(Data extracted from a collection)
───

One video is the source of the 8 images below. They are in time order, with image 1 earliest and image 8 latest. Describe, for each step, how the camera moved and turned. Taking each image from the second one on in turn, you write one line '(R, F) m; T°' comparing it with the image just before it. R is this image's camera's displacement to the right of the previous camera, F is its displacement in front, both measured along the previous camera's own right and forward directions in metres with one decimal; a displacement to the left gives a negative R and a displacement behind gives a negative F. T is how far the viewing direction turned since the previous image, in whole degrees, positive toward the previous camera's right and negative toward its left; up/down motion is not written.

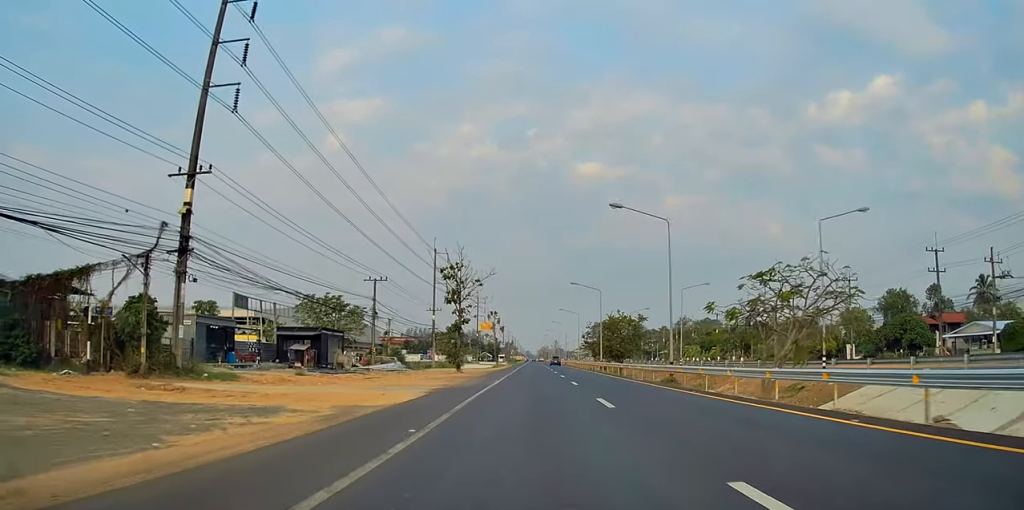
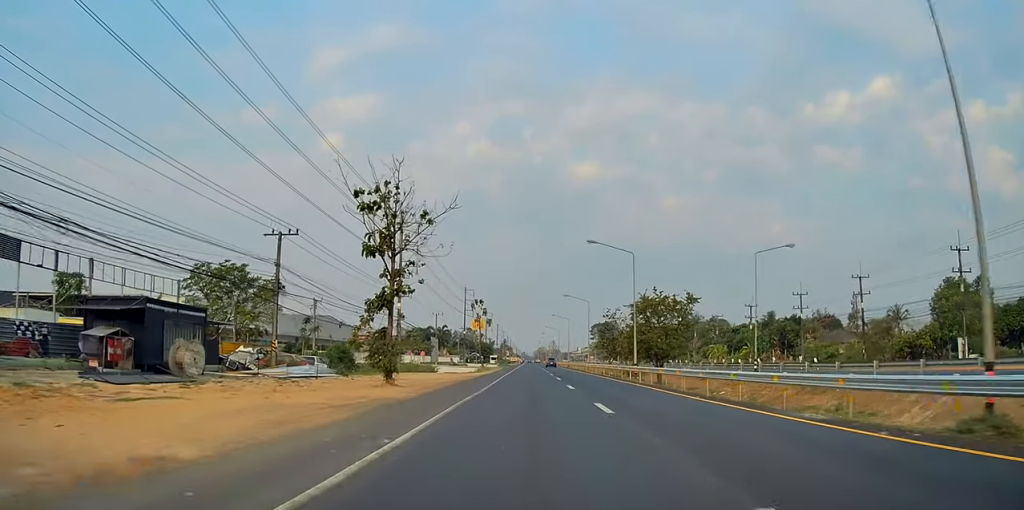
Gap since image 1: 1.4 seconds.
(0.0, +25.2) m; 0°
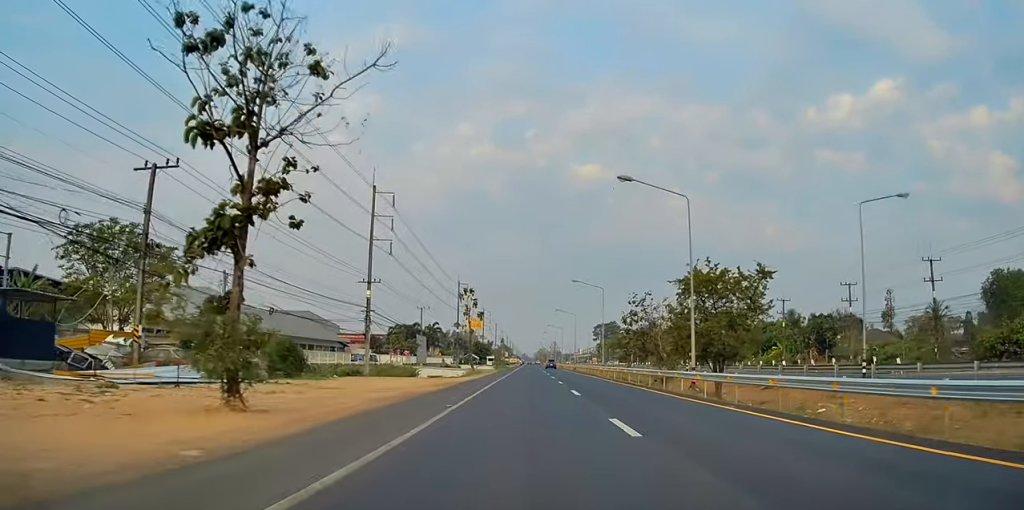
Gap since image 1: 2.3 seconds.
(0.0, +15.8) m; 0°
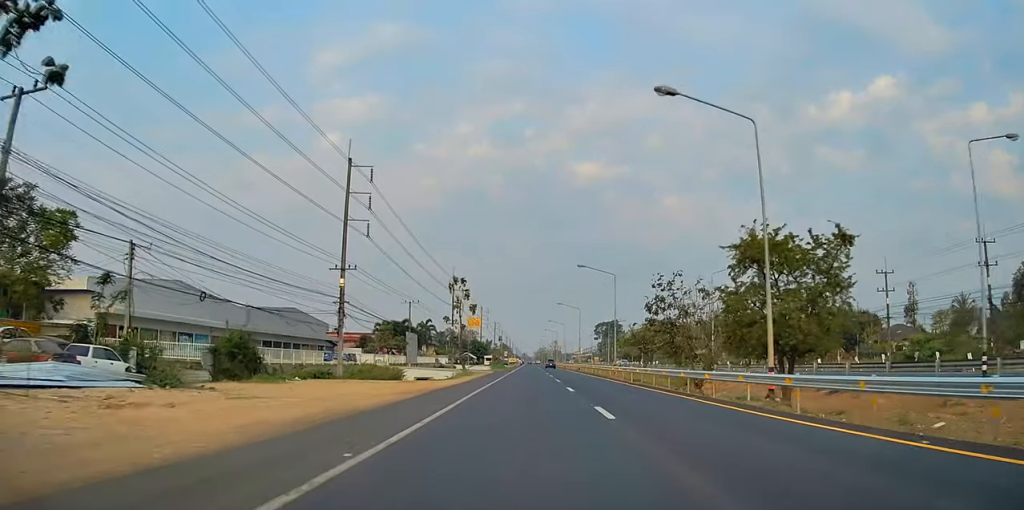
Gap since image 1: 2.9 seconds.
(0.0, +9.3) m; 0°
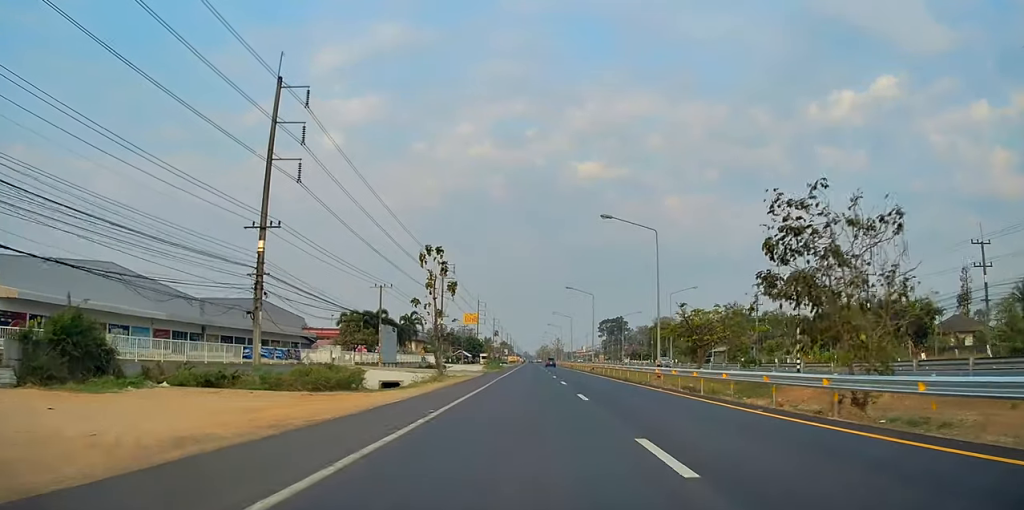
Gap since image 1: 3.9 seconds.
(0.0, +18.2) m; 0°
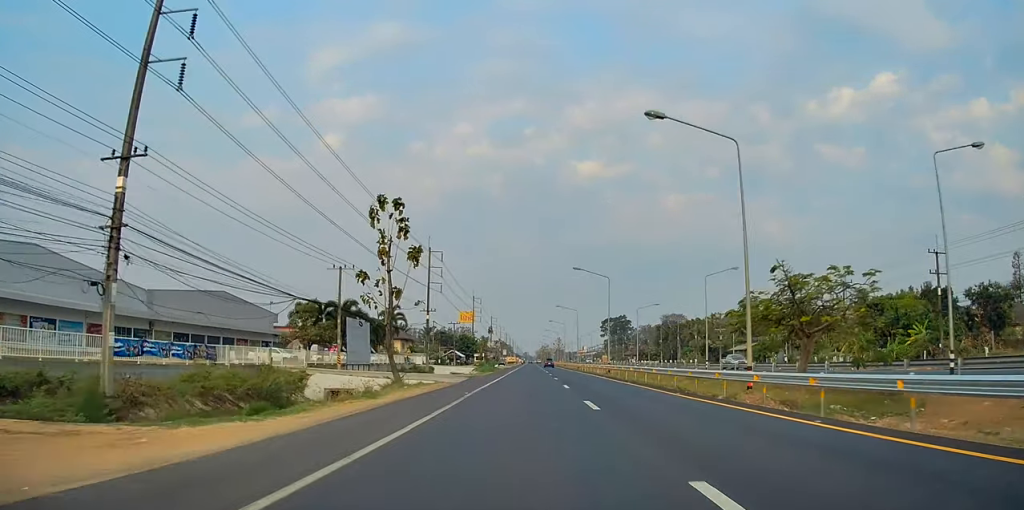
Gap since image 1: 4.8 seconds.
(0.0, +15.4) m; 0°
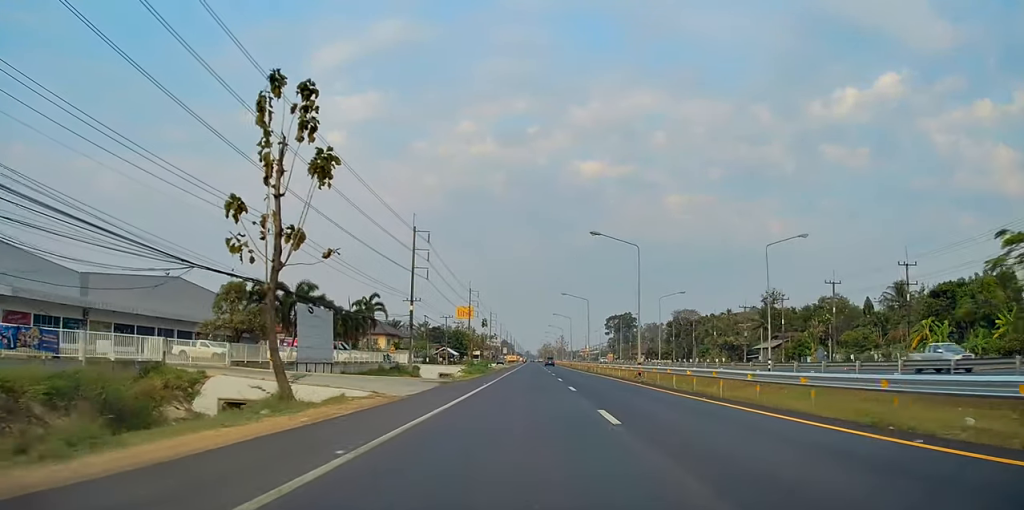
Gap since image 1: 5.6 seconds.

───

Please return the lines from the line with "Gap since image 1: 2.3 seconds." through the last line of the data, both included, exactly, and without pictures.

Gap since image 1: 2.3 seconds.
(0.0, +15.8) m; 0°
Gap since image 1: 2.9 seconds.
(0.0, +9.3) m; 0°
Gap since image 1: 3.9 seconds.
(0.0, +18.2) m; 0°
Gap since image 1: 4.8 seconds.
(0.0, +15.4) m; 0°
Gap since image 1: 5.6 seconds.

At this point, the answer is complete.